Hope lit up her face as she said, “Later?” 
“Mmmmm, maybe”, I mustered.

‘Later’ turned out to be Sunday morning.  We had planned to go to church.  I warned everyone that I was going to do Faven’s hair, and that would completely and totally take me out of the picture for at least an hour and a half.  Everything was going so well…… until we got out of the shower.  The Extra Moisture conditioner was no match for the dreadlocks forming in the back of Faven’s head.  It took three of us- a bottle of detangler, leave in moisturizer (and a pot of coffee)- an hour JUST to brush those out. Then came the straightening balm, the heat glide, the blow dryer, and the flat iron. An hour later Ward came to check on us; I was more than half done. 
I asked him, “How we doin’ for time?” 
He said, “Great, as long as we leave in the next ten minutes we’re fine.” 
I looked at Faven, who now had an asymmetrical mix of smooth, sleek dark tresses and tight, rebellious coils, and said, “All right, let’s go to church, we’ll finish the rest later.”  Her response was not affirming!  We missed church.
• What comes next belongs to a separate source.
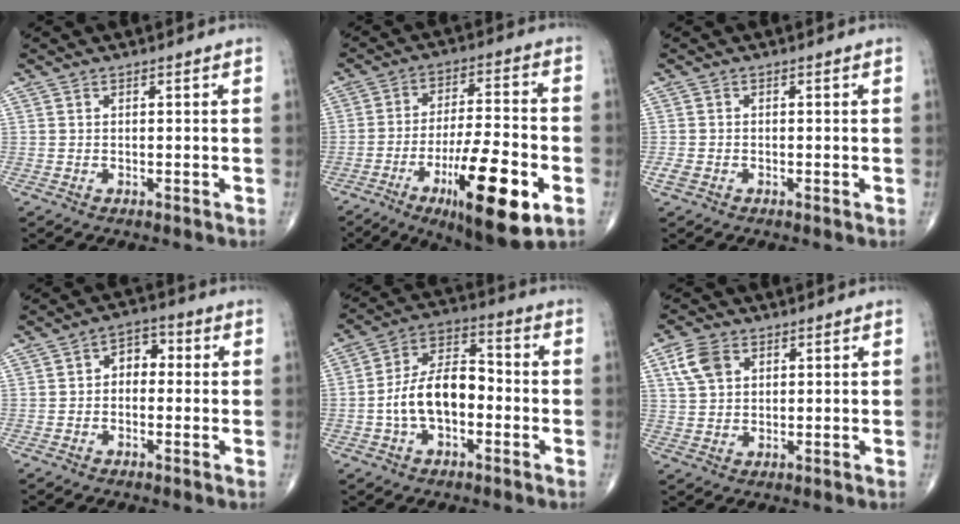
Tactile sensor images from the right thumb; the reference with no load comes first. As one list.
[{"total": 19.0, "force": [-7.6, 4.9, 16.8], "torque": [-0.272, 0.018, -0.114]}, {"total": 1.7, "force": [-0.8, 1.0, 1.1], "torque": [-0.029, -0.003, -0.017]}, {"total": 4.9, "force": [0.0, 3.6, 3.4], "torque": [-0.028, 0.021, -0.013]}, {"total": 12.0, "force": [-2.4, 7.0, 9.4], "torque": [-0.162, 0.044, -0.052]}, {"total": 6.1, "force": [2.5, 4.2, 3.6], "torque": [-0.064, 0.002, 0.049]}]

I am not sure why I feel such responsibility for her hair; it could be because we are still bonding (and YES, I want her to like me); it could be because I know her birth mother, aunts, grandmother and caregivers would have bent and twisted her hair to make it ‘stand down’ in ways that were nothing short of miraculous; it could be because I simply want to be needed, despite my time constraints; but also it is because I too was a girl who wanted to have great hair.